▶ WHAT YOU HAVE TO DO: Retype the listing found below exactly, but leave out each picture.

RECORDED DATA Start Marker

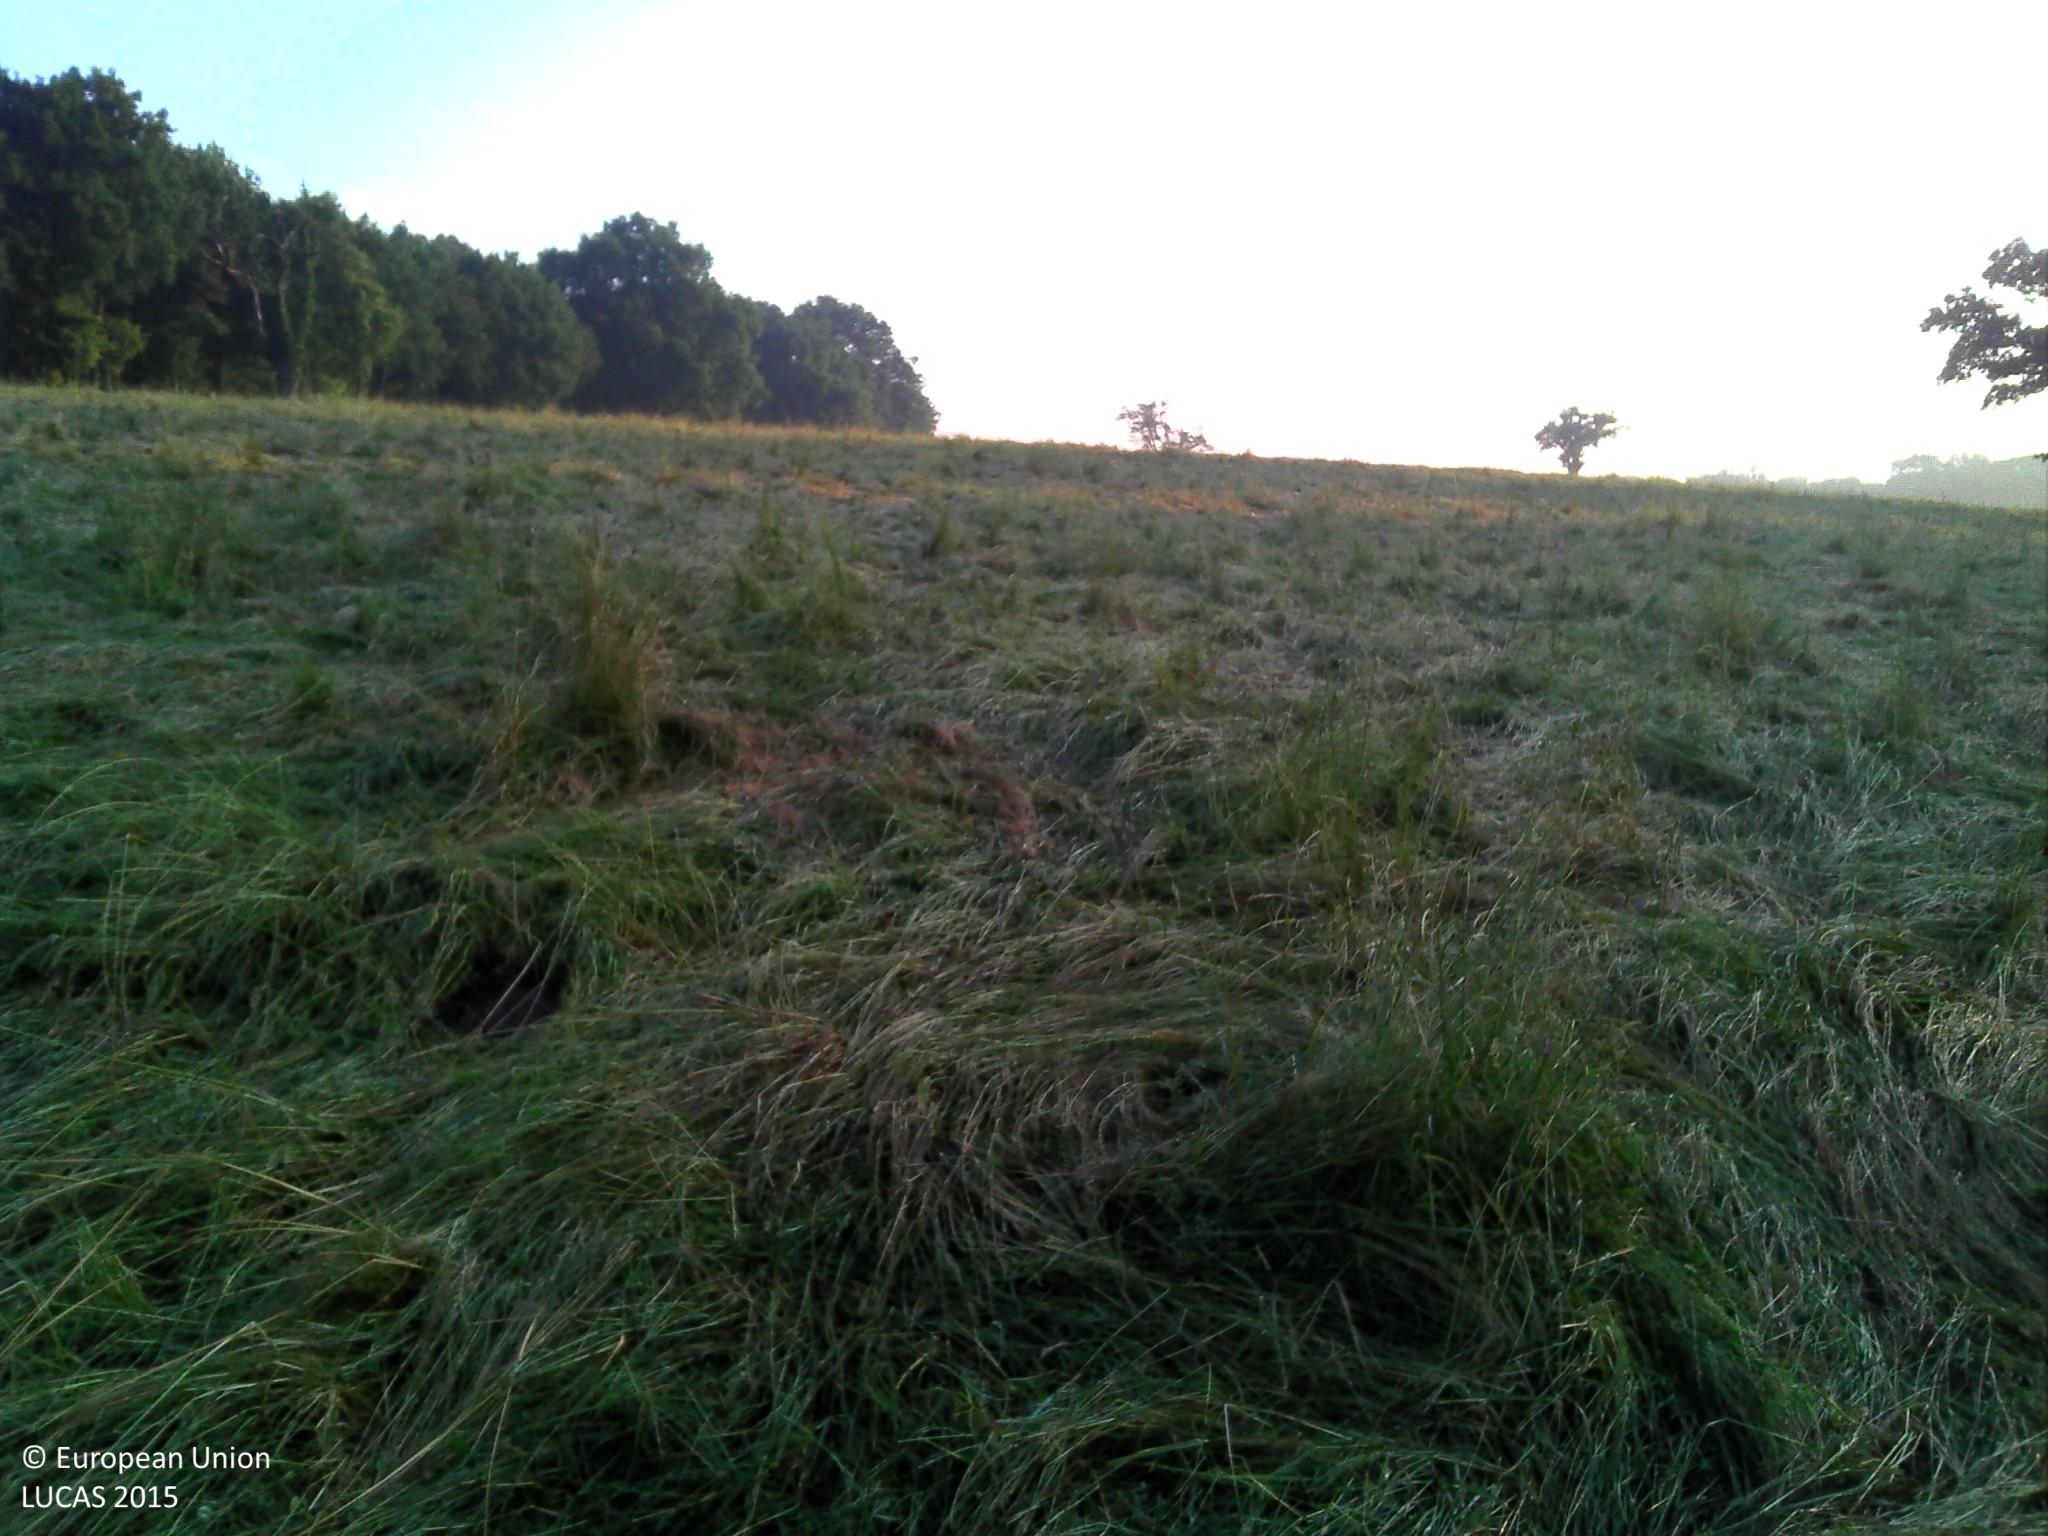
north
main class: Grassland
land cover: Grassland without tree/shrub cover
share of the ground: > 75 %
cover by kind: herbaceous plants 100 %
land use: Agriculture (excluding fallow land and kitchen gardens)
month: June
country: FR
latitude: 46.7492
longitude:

RECORDED DATA End Marker

▶ RESULT OF THE EXERCISE:
north
main class: Grassland
land cover: Grassland without tree/shrub cover
share of the ground: > 75 %
cover by kind: herbaceous plants 100 %
land use: Agriculture (excluding fallow land and kitchen gardens)
month: June
country: FR
latitude: 46.7492
longitude:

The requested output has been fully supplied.